February, you’re like a cup of tepid, over-priced, weak coffee served by a brain-dead barista in a brand-name shop best known for liberal politics and pretension.

But soon, March will be here.

Even before the calendar is turned, the jonquils and daffodils will decide enough is enough, and rear their heads in defiance. The outraged cries of our hens being romanced by roosters will be replaced by the comforting cluck-cluck that reassures the latest clutches of fuzzy little bughunters. The rabbits will have a better chance of raising their twitchy-nosed furballs to adulthood, so they can dance in the pasture at night.

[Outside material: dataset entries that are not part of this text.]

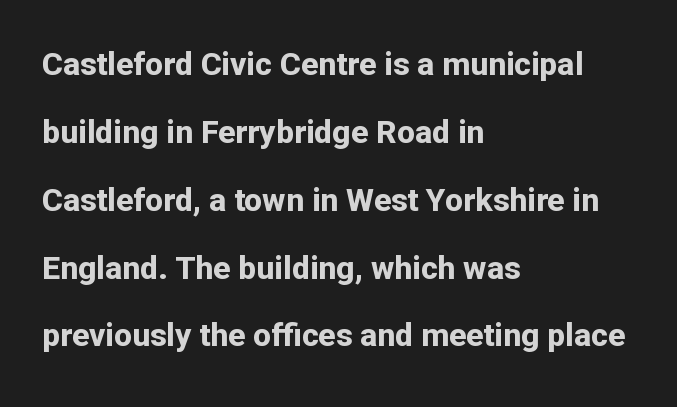
{"serif": "no", "italic": "no", "bold": "yes", "weight": "bold", "width": "normal", "stroke_contrast": "low", "x_height": "medium", "monospaced": "no", "underline": "no", "align": "left", "line_spacing": "loose", "line_spacing_ratio": 2.12, "letter_spacing": "normal", "letter_spacing_em": 0.0, "glyph_px": 32}
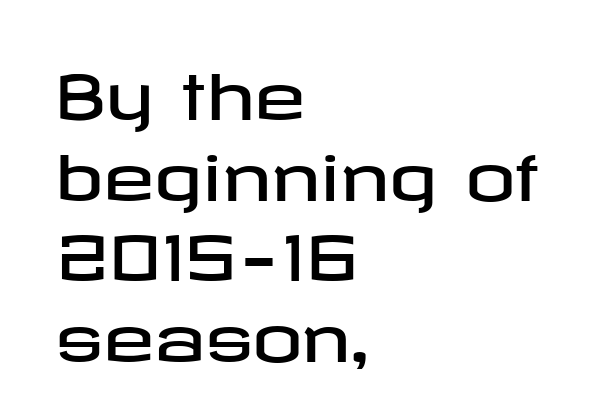
{"serif": "no", "italic": "no", "width": "wide", "stroke_contrast": "low", "x_height": "medium", "underline": "no", "align": "left", "line_spacing": "normal", "line_spacing_ratio": 1.3, "letter_spacing": "normal", "letter_spacing_em": 0.0, "glyph_px": 62}
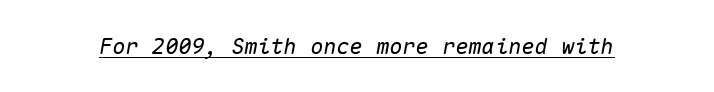
Q: Is the text italic (slanted)? A: Yes, it leans right by about 10 degrees.
Q: Is the text underlined? A: Yes.
Q: Is the spacing between letters normal or unusually wide? A: Normal.
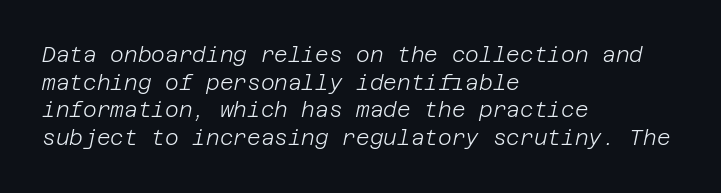
{"italic": "yes", "lean": "right", "slant_degrees": 12, "bold": "no", "underline": "no", "align": "left", "line_spacing": "normal", "line_spacing_ratio": 1.32, "letter_spacing": "normal", "letter_spacing_em": 0.0, "glyph_px": 21}
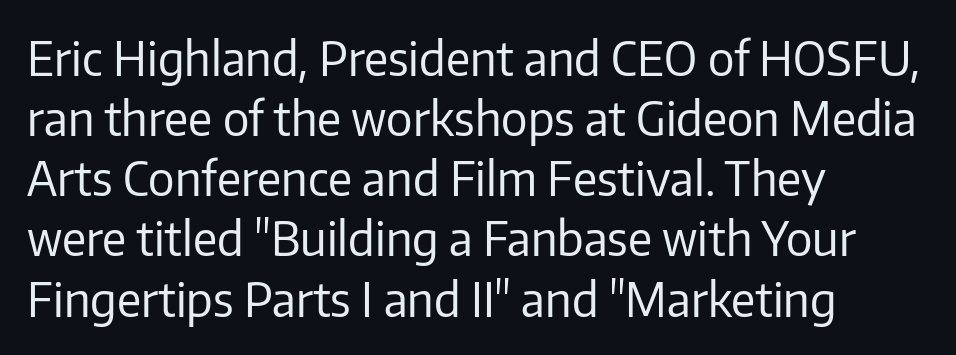
Q: Is the text bold? A: No.
Q: Is the text italic (slanted)? A: No, it is upright.
Q: Is the typeface a serif or a sans-serif typeface? A: Sans-serif.
Q: Is the text underlined? A: No.
Q: How is the paragraph aligned? A: Left-aligned.
Q: Is the spacing between letters normal or unusually wide? A: Normal.
Q: Is the spacing between lines tight, normal or loose? A: Normal.
Q: Width (condensed, normal, or wide)? A: Normal.
Q: Stroke contrast? A: Low.
Q: x-height? A: Medium.
Q: Monospaced? A: No.
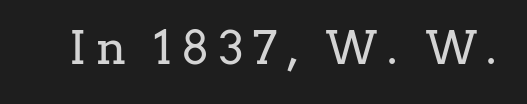
The image shows 46 px regular-weight serif type, upright; set unusually wide letter spacing (+0.2 em), not underlined; low stroke contrast and a medium x-height.
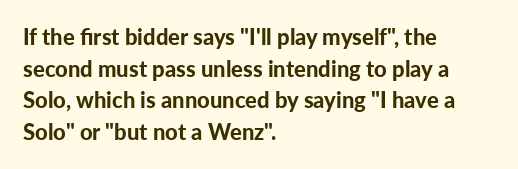
Beneath every word, the page is bare. Successive baselines arrive at the customary interval. It's the straight-up-and-down kind of type. Which margin do the lines hug? The left one — the right edge is uneven. Thick stems and heavy bowls — unmistakably bold.
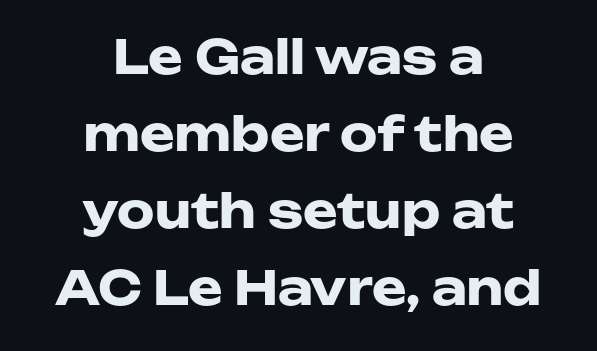
Upright lettering throughout. Notice how descenders clear the ascenders below comfortably — that's standard leading. Honestly, the letter spacing is just normal — you wouldn't notice it. Do the characters align in a grid? No, the font is proportional.

I heard the first of my owls vocalizing again the other night, a lonesome go-getter trying to get the jump on the other hooters who will soon bring a chorus to counter the cacophony of frogs, crickets and other nightdwellers who celebrate the Moon of First Grass in March.

Our horses will roll happily in new green grass, free from the blankets that were too hot by day, and too scratchy by night. Our old dogs will enjoy the loosening of their aching joints, and the catfish will take a hint from the bass, and begin rising again from their muddy melancholy.

It will be March, the Month of Promise, and we’ll be on the road to making things right again.

But for now, it’s still February, the month I hate most of all — at least until August arrives.